DATASET EXCERPTS>
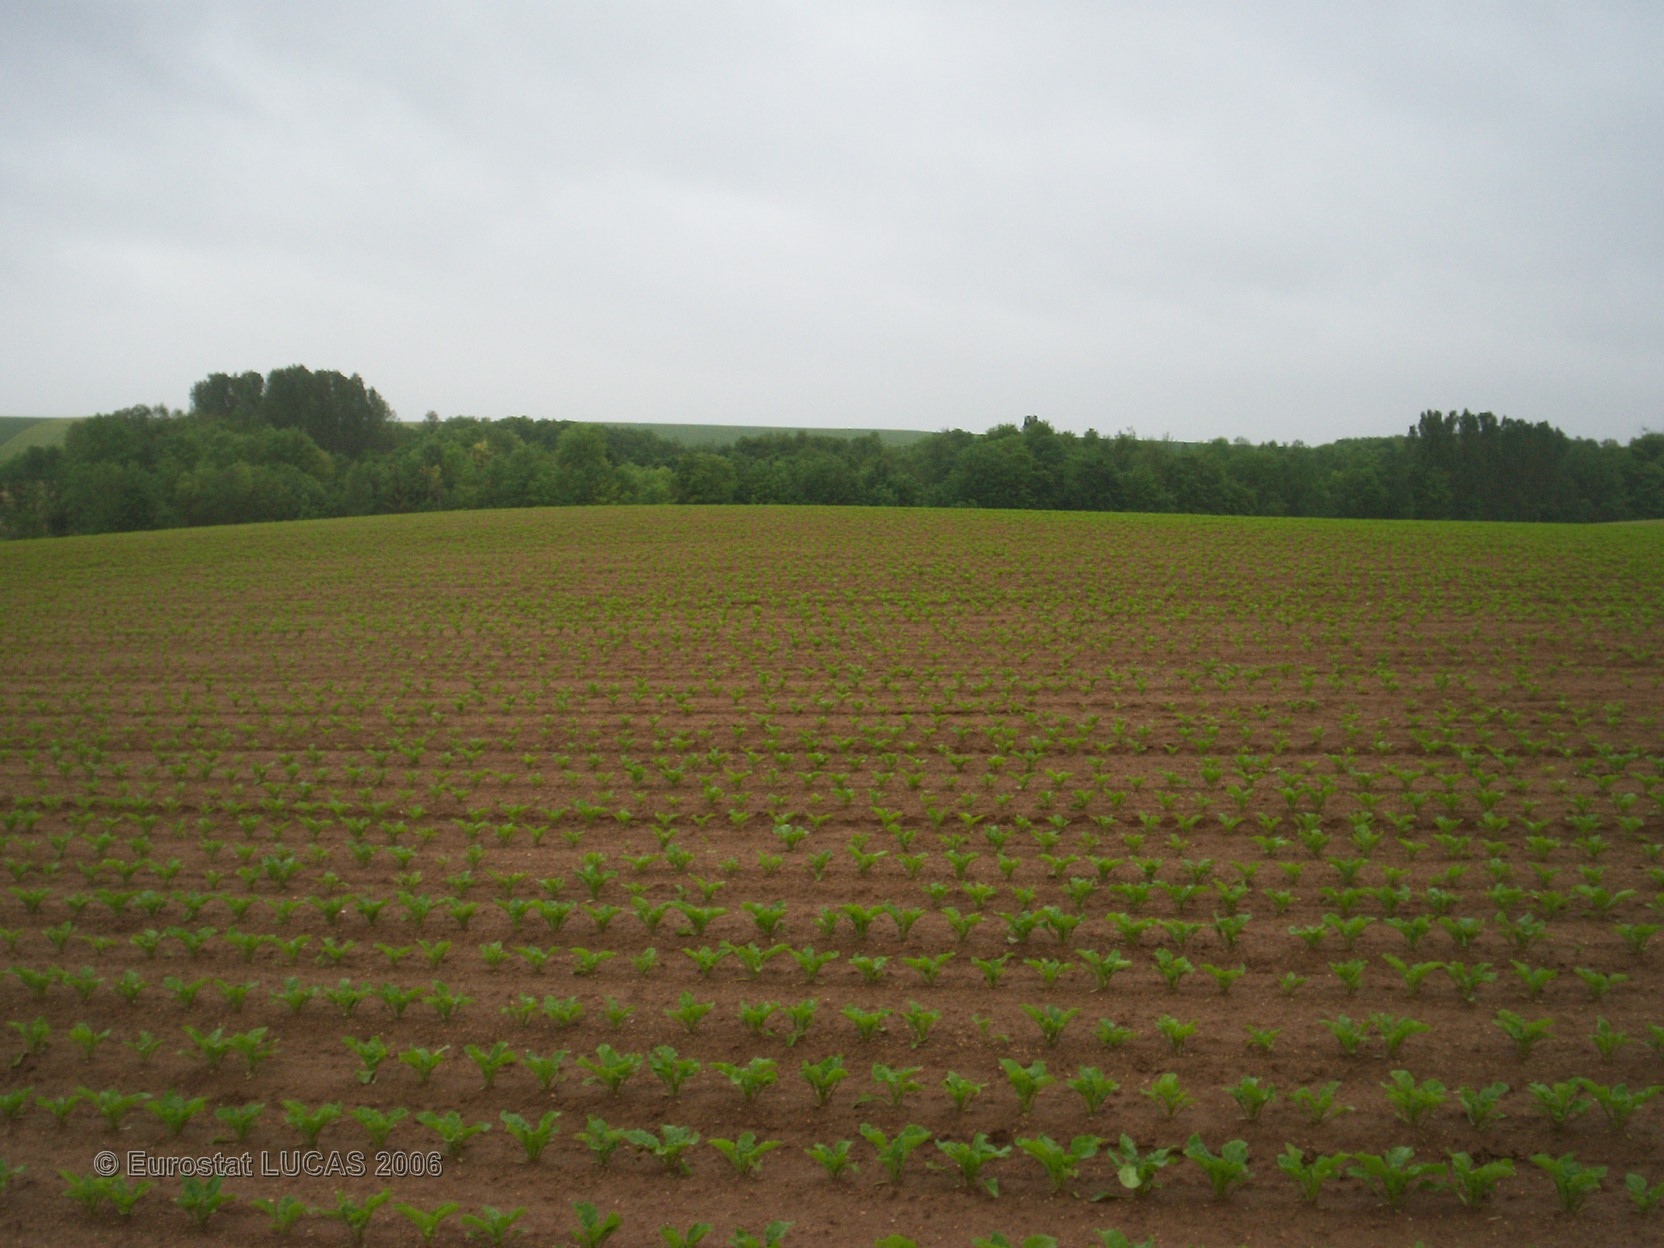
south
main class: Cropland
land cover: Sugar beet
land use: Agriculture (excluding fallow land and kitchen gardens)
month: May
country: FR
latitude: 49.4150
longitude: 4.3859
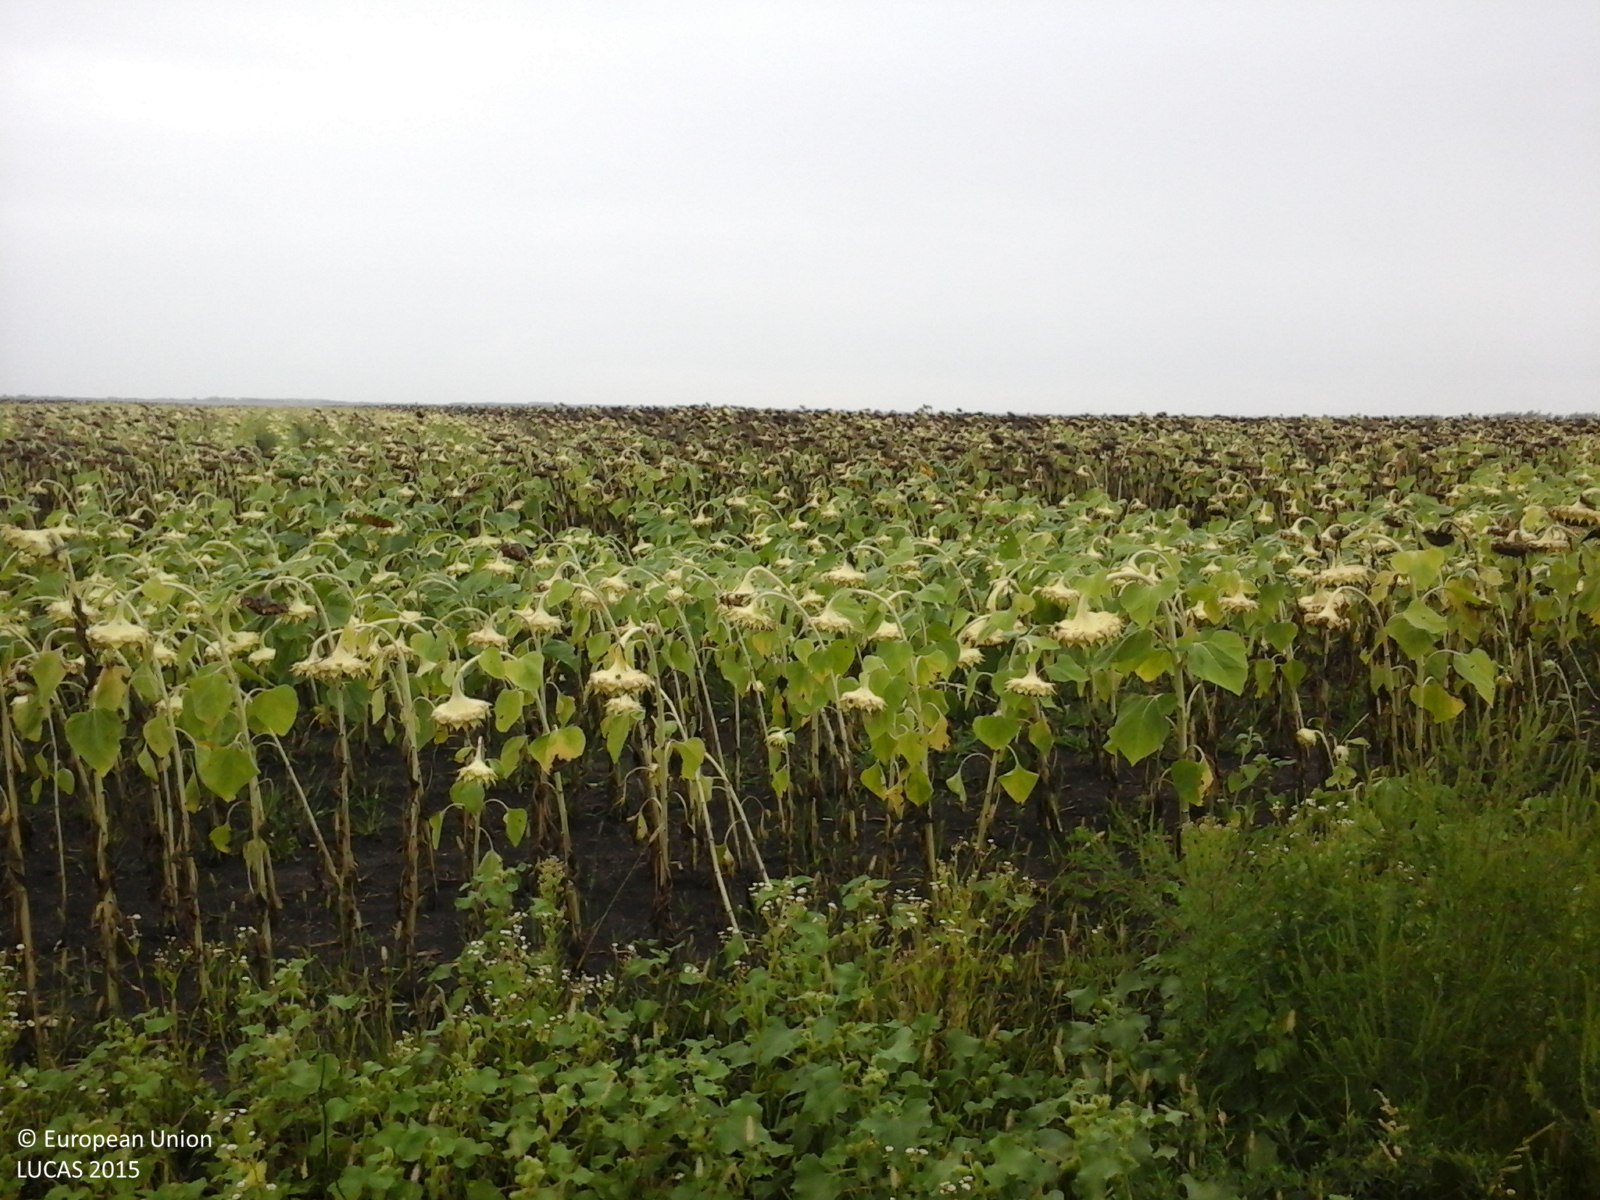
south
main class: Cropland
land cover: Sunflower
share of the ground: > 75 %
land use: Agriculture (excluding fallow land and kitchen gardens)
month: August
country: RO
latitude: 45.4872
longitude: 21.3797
--
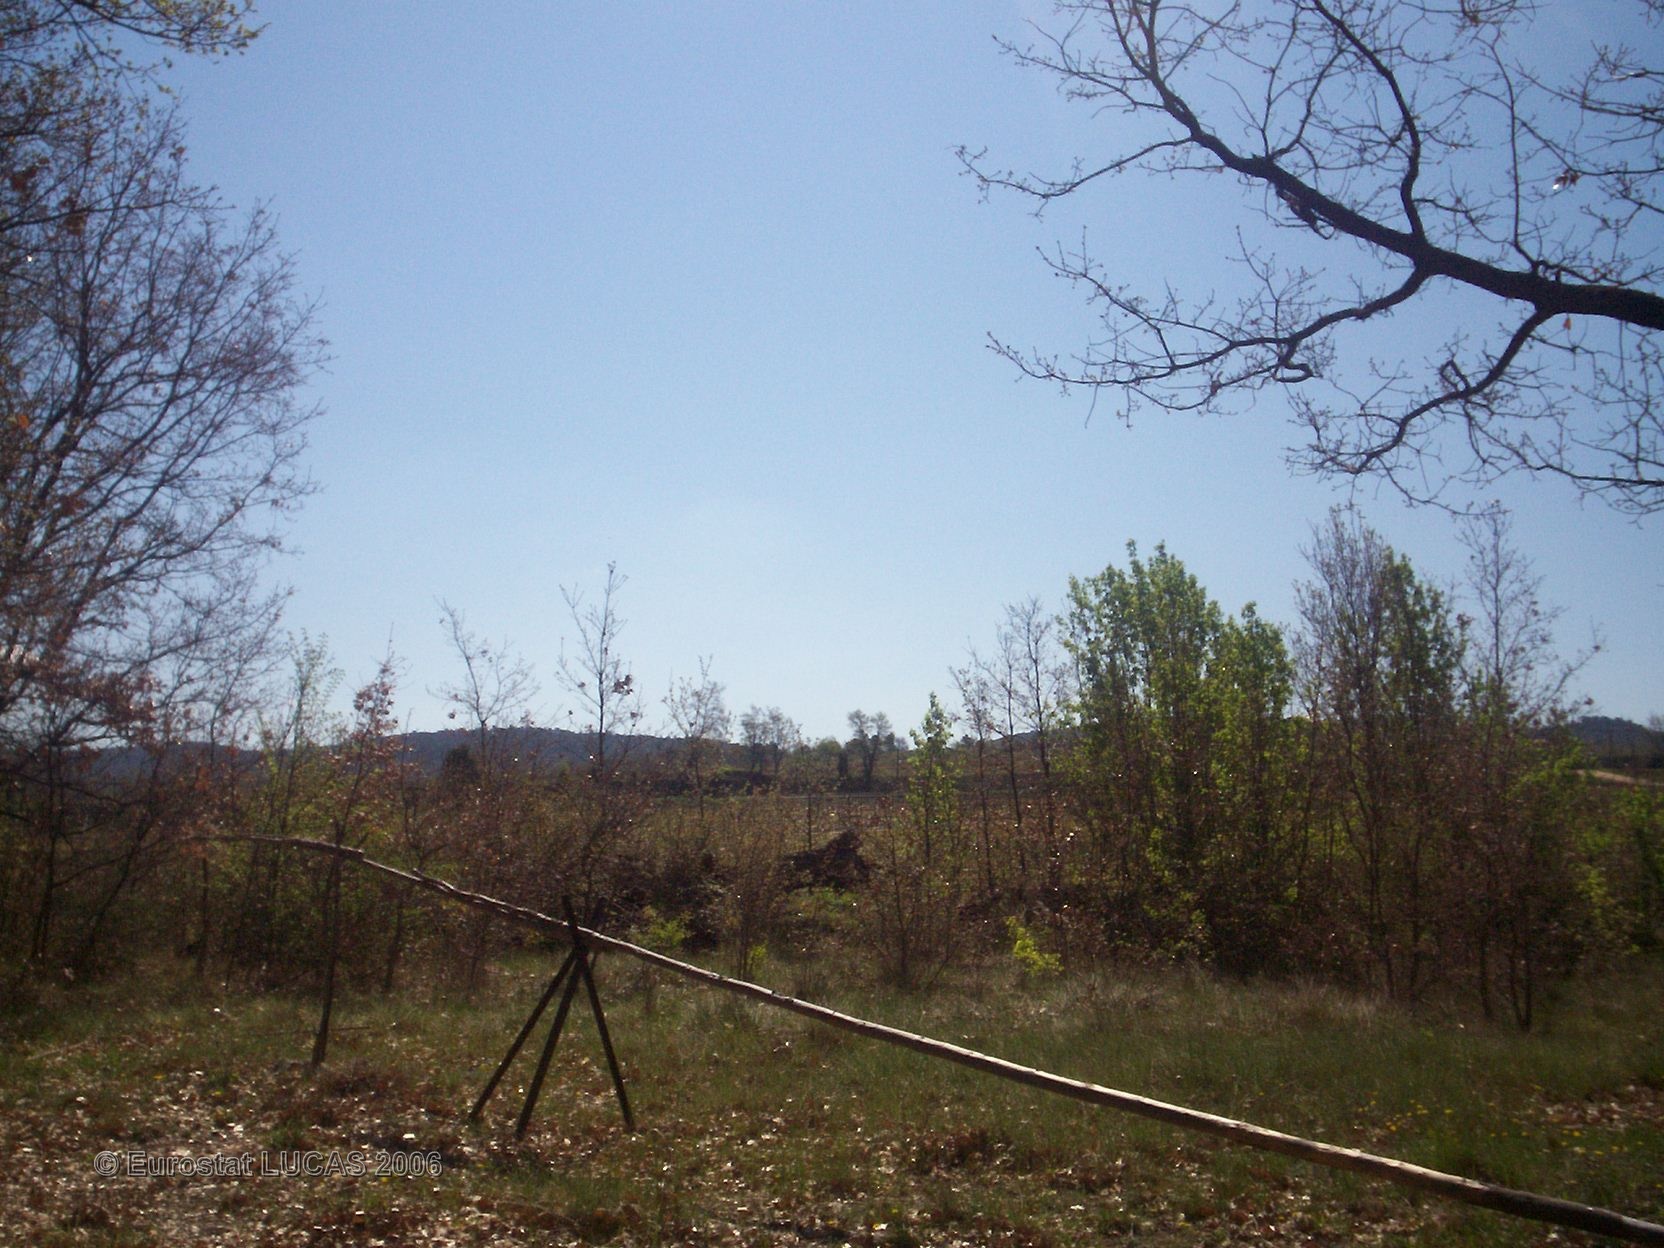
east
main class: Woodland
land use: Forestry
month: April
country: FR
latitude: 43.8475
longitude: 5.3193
==
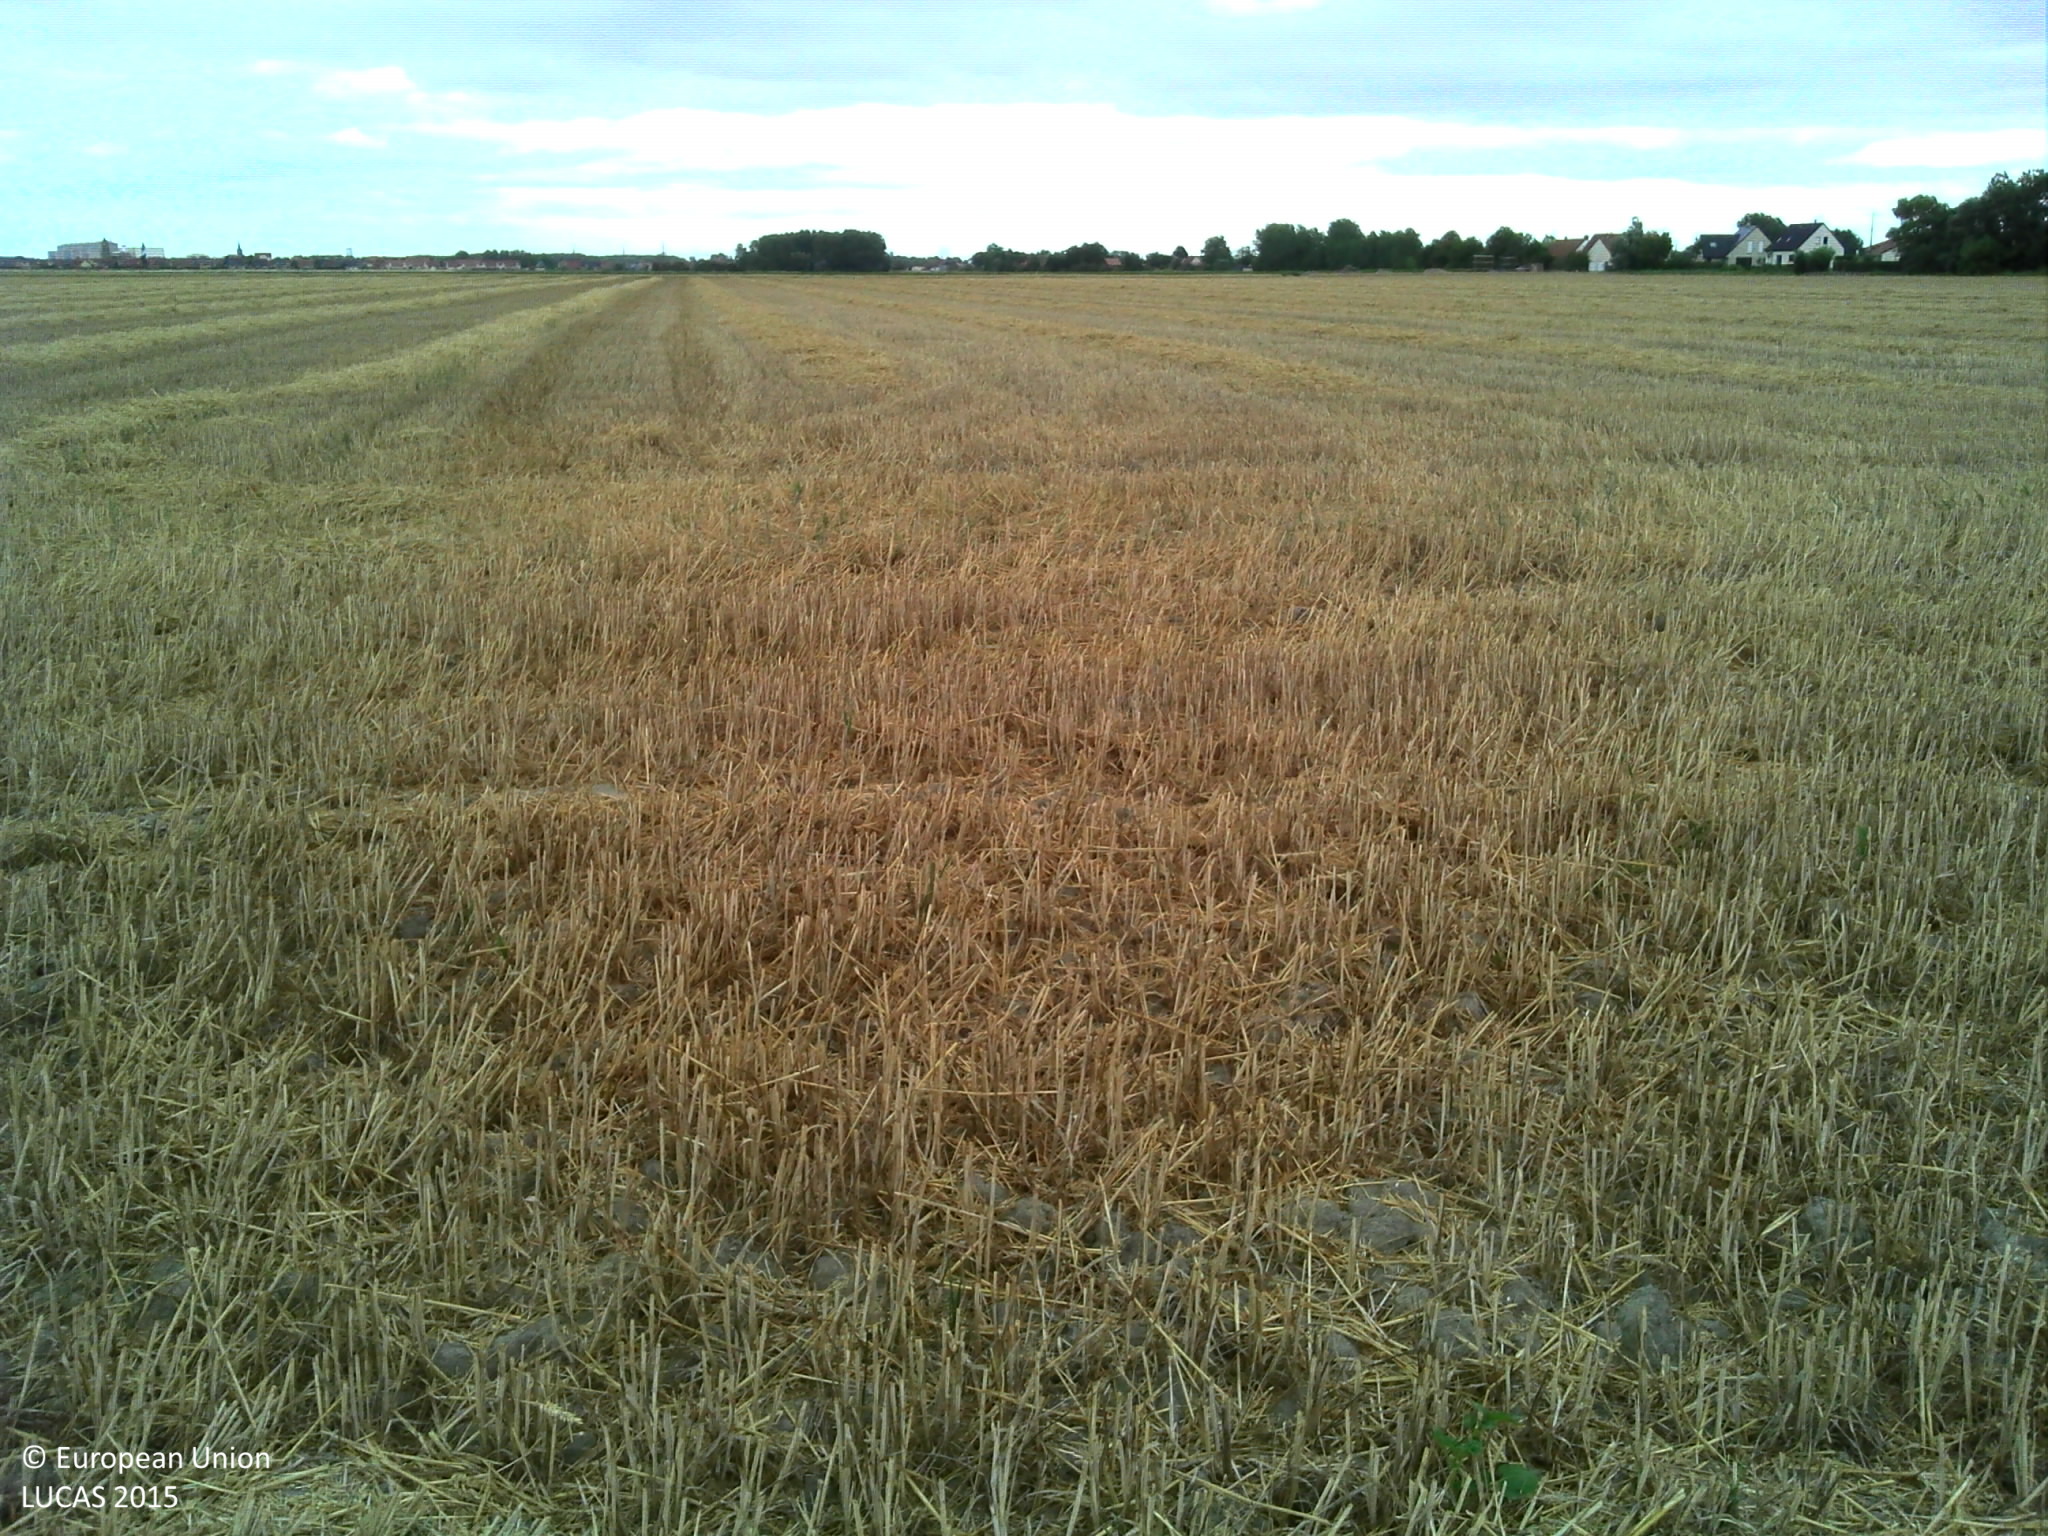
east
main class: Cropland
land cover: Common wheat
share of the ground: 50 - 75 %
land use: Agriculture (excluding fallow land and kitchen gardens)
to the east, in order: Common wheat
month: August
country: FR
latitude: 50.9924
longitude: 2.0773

WORK INSTRUCTION>
Using the data above, print exactly the lines from the line that contains "share of the ground: 50 - 75 %" through the line that contains "longitude: 2.0773", with both included.

ANSWER FOR THIS EXERCISE>
share of the ground: 50 - 75 %
land use: Agriculture (excluding fallow land and kitchen gardens)
to the east, in order: Common wheat
month: August
country: FR
latitude: 50.9924
longitude: 2.0773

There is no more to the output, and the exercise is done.